Drug discovery by targeting the protein-protein interactions involved in autophagy

Abstract

Autophagy is a cellular process in which proteins and organelles are engulfed in autophagosomal vesicles and transported to the lysosome/vacuole for degradation. Protein-protein interactions (PPIs) play a crucial role at many stages of autophagy, which present formidable but attainable targets for autophagy regulation. Moreover, selective regulation of PPIs tends to have a lower risk in causing undesired off-target effects in the context of a complicated biological network. Thus, small-molecule regulators, including peptides and peptidomimetics, targeting the critical PPIs involved in autophagy provide a new opportunity for innovative drug discovery. This article provides general background knowledge of the critical PPIs involved in autophagy and reviews a range of successful attempts on discovering regulators targeting those PPIs. Successful strategies and existing limitations in this field are also discussed.

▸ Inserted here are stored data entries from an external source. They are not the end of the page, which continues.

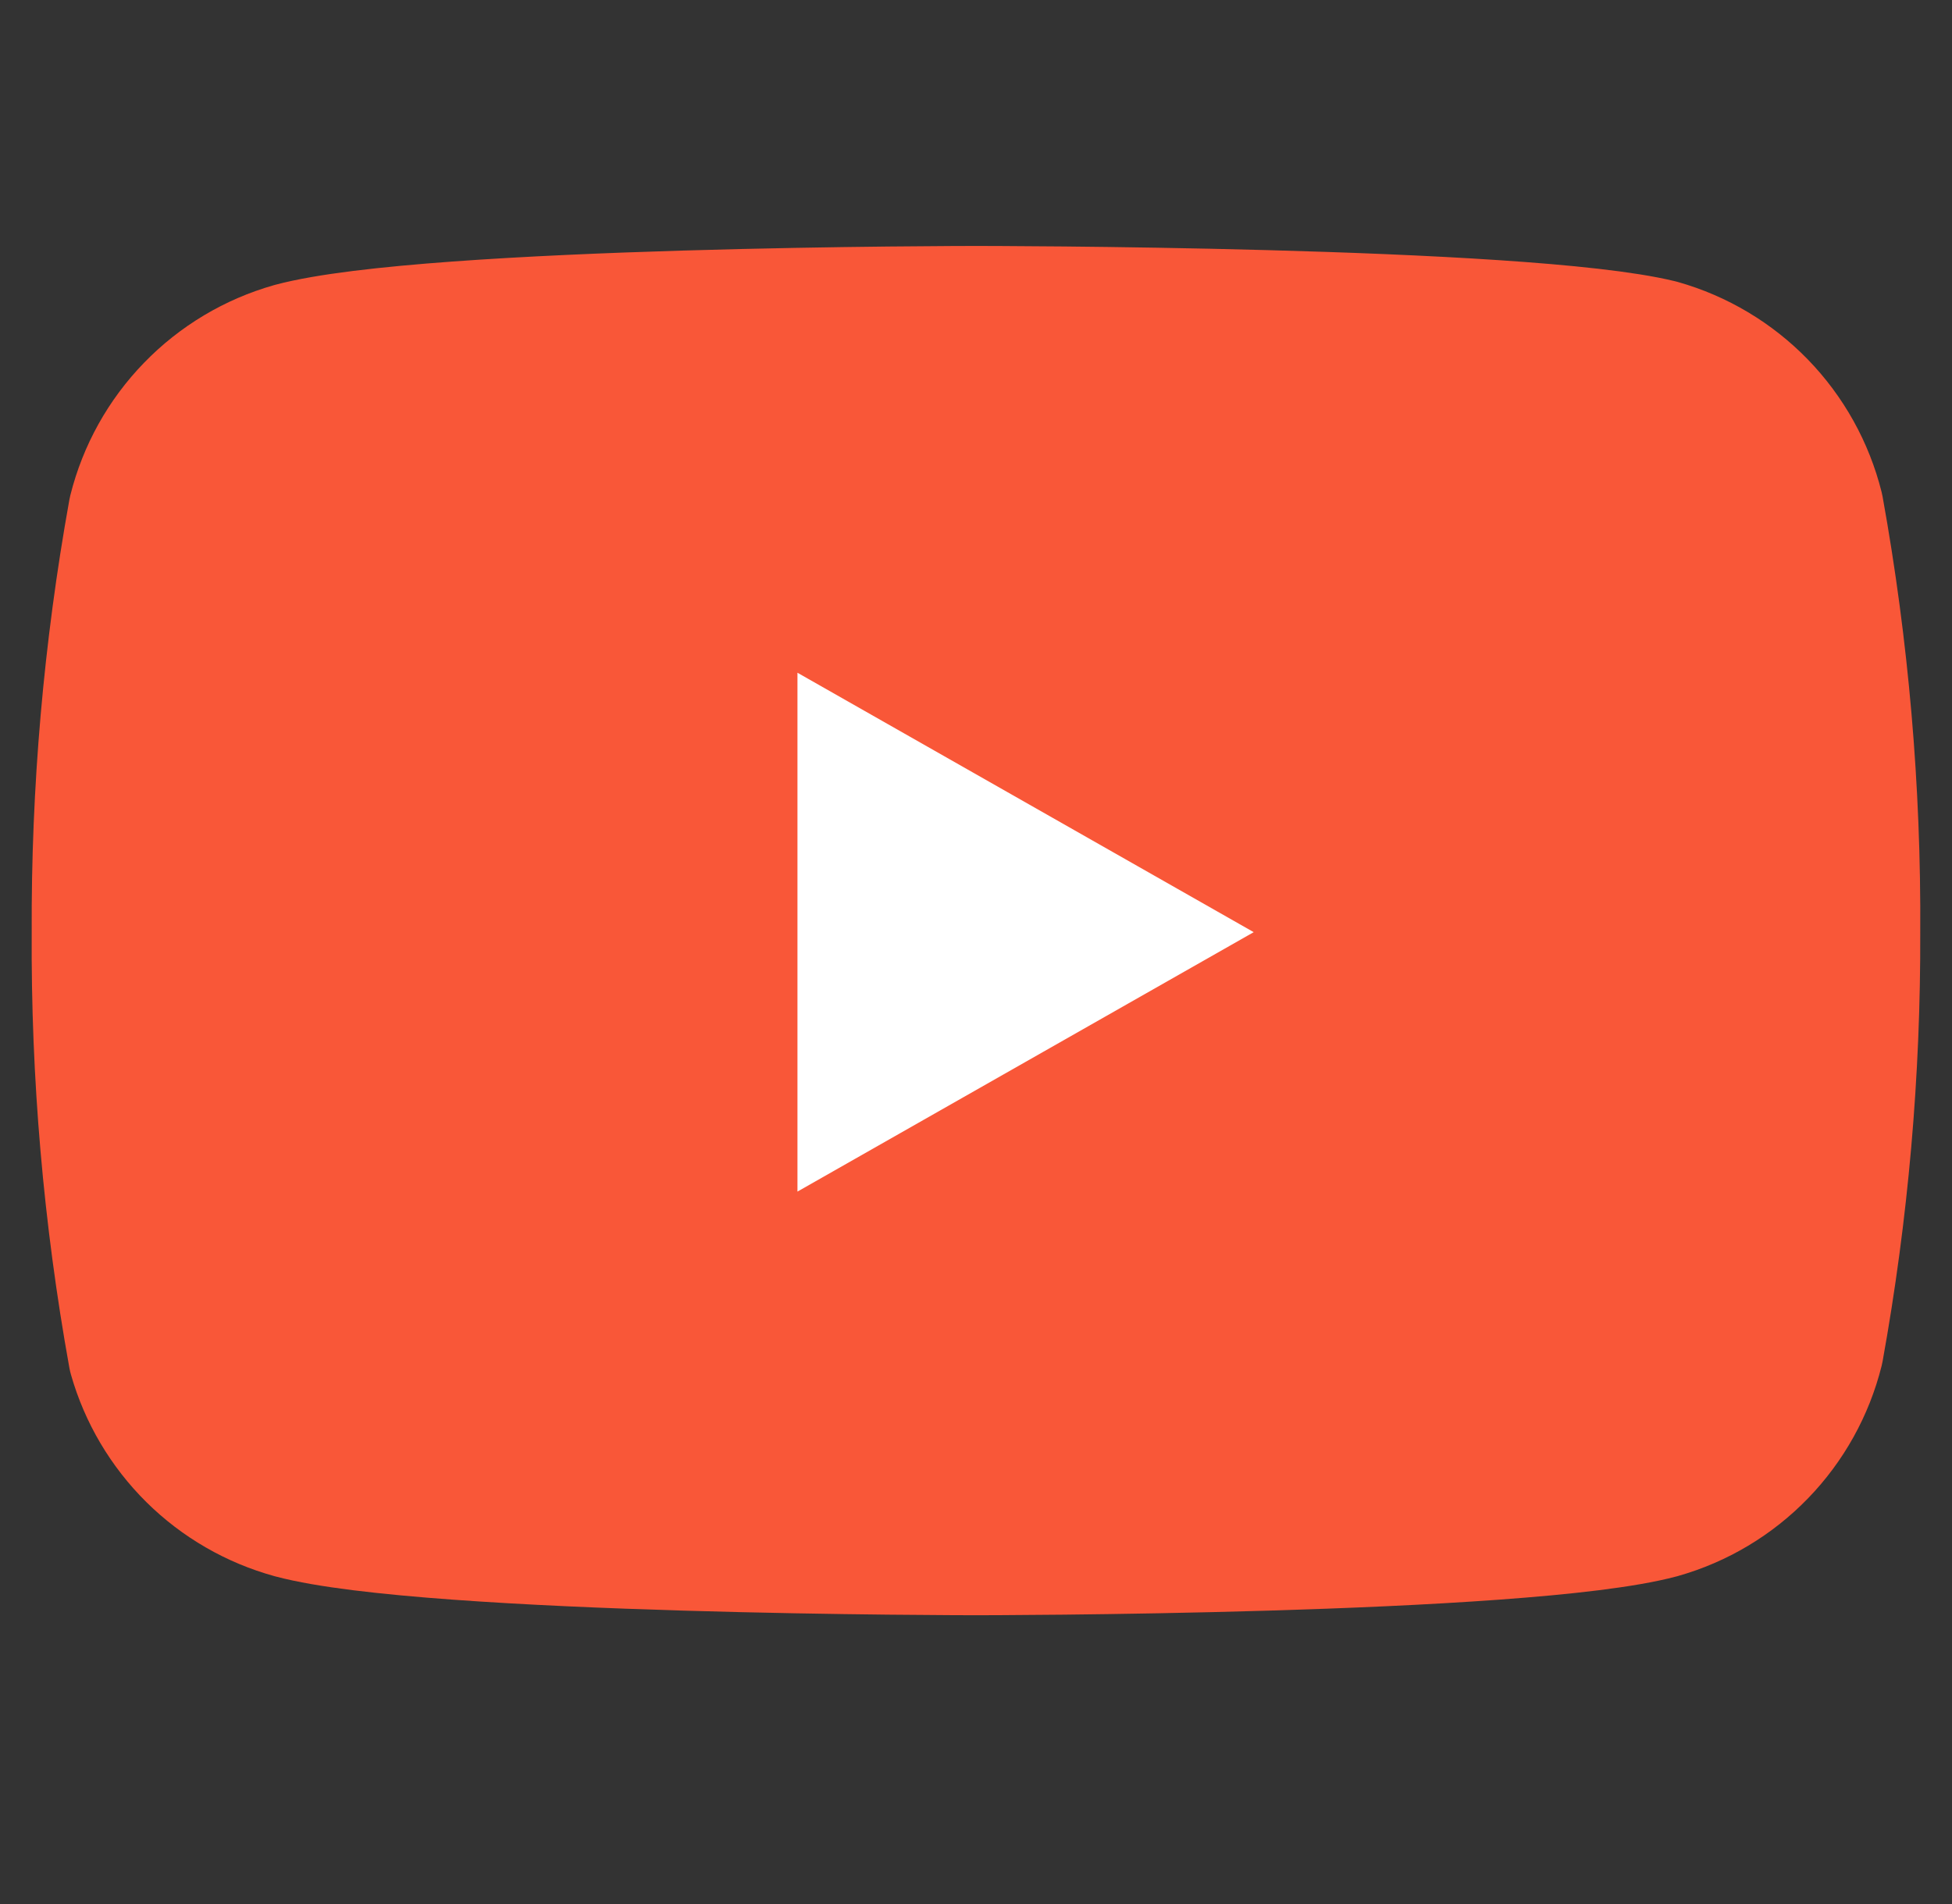 <svg width="41" height="40" viewBox="0 0 41 40" fill="none" xmlns="http://www.w3.org/2000/svg">
<rect x="0" y="0" width="41" height="40" fill="#333333" stroke="none"/>
<g clip-path="url(#clip0_545_327)">
<path d="M38.066 10.7C37.868 9.909 37.465 9.184 36.898 8.599C36.33 8.014 35.618 7.589 34.833 7.367C31.966 6.667 20.5 6.667 20.5 6.667C20.5 6.667 9.033 6.667 6.166 7.433C5.382 7.655 4.67 8.08 4.102 8.666C3.534 9.251 3.131 9.976 2.933 10.767C2.409 13.676 2.152 16.627 2.166 19.583C2.148 22.562 2.404 25.535 2.933 28.467C3.151 29.233 3.564 29.93 4.13 30.491C4.696 31.051 5.398 31.456 6.166 31.667C9.033 32.433 20.5 32.433 20.5 32.433C20.5 32.433 31.966 32.433 34.833 31.667C35.618 31.445 36.33 31.02 36.898 30.434C37.465 29.849 37.868 29.124 38.066 28.333C38.587 25.446 38.844 22.517 38.833 19.583C38.852 16.605 38.595 13.631 38.066 10.7V10.7Z" fill="#F95738" stroke="#F95738" stroke-width="3" stroke-linecap="round" stroke-linejoin="round"/>
<path d="M16.75 25.033L26.333 19.583L16.75 14.133V25.033Z" fill="white"/>
</g>
<defs>
<clipPath id="clip0_545_327">
<rect width="40" height="40" fill="white" transform="translate(0.5)"/>
</clipPath>
</defs>
</svg>

Keywords: Autophagy regulation; Drug discovery; Protein–protein interactions; Small-molecule regulators.

Graphical abstract

Figure 1

Illustration of three major types of autophagy. Macroautophagy delivers cellular contents to lysosome via the formation of autophagosomes. Chaperone-mediated autophagy is characterized by the chaperone-dependent targeting of specific cytosolic proteins containing the KFRQ motif to LAMP-2A on the lysosomal membrane for proteolysis. Microautophagy refers to a non-selective process that recruits and degrades targeted components by lysosomes.

Figure 2

Structural features of ATG8 family proteins and two examples of LC3 inhibitors. (A) Structural alignment of yeast Atg8 and human LC3A, LC3B, LC3C, GABARAP, GABARAPL1, and GABARAPL2. All protein backbones are shown as ribbon models in rainbow color scheme. (B) The crystal structure of LC3B (PDB entry 1UGM). (C) Illustration of the LIR-docking site (LDS) on LC3B, which comprises two hydrophobic pockets HP1 (orange) and HP2 (pink). (D) The crystal structure of LC3A in complex with dihydronovobiocin (PDB entry 6TBE). (E) The crystal structure of LC3B in complex with compound a4 (PDB entry 7ELG).

Figure 3

Autophagic processes that are known to be amenable to pharmacological intervention by PPI regulation.

Figure 4

Top-view of the stapled peptides (A) SP4, (B) i7-01s-20, and (C) SAH-EJ2. A hydrocarbon staple was added in each case to form an (i, i + 7) or (i, i + 4) linkage to enforce the helical structure of the peptide.

Figure 5

Assessment of the 21 drug discovery studies by targeting the PPIs in autophagy, where the AMSS score of each study is given in the last column. AMSS_1: Autophagosome quantification via microscopy analysis; AMSS_2: Autophagosome formation-related biochemical changes; AMSS_3: Autophagy substrate degradation; AMSS_4: Autophagic flux; AMSS_5: Lysosome function-related assays; AMSS_6: Target identification for chemical autophagy modulators; AMSS_7: Autophagy-dependent pharmacological effects; AMSS_8: Autophagy modulation confirmed in vitro; AMSS_9: Autophagy modulation confirmed in vivo.

Figure 6

Several general strategies for obtaining PPI regulators. (A) Identification of active hits through screening, including high-throughput screening and virtual screening. (B) Covalent modification of certain residues on the binding interface of the target PPI. (C) Design of peptide/peptidomimetic binders based on the structural information of the target PPI.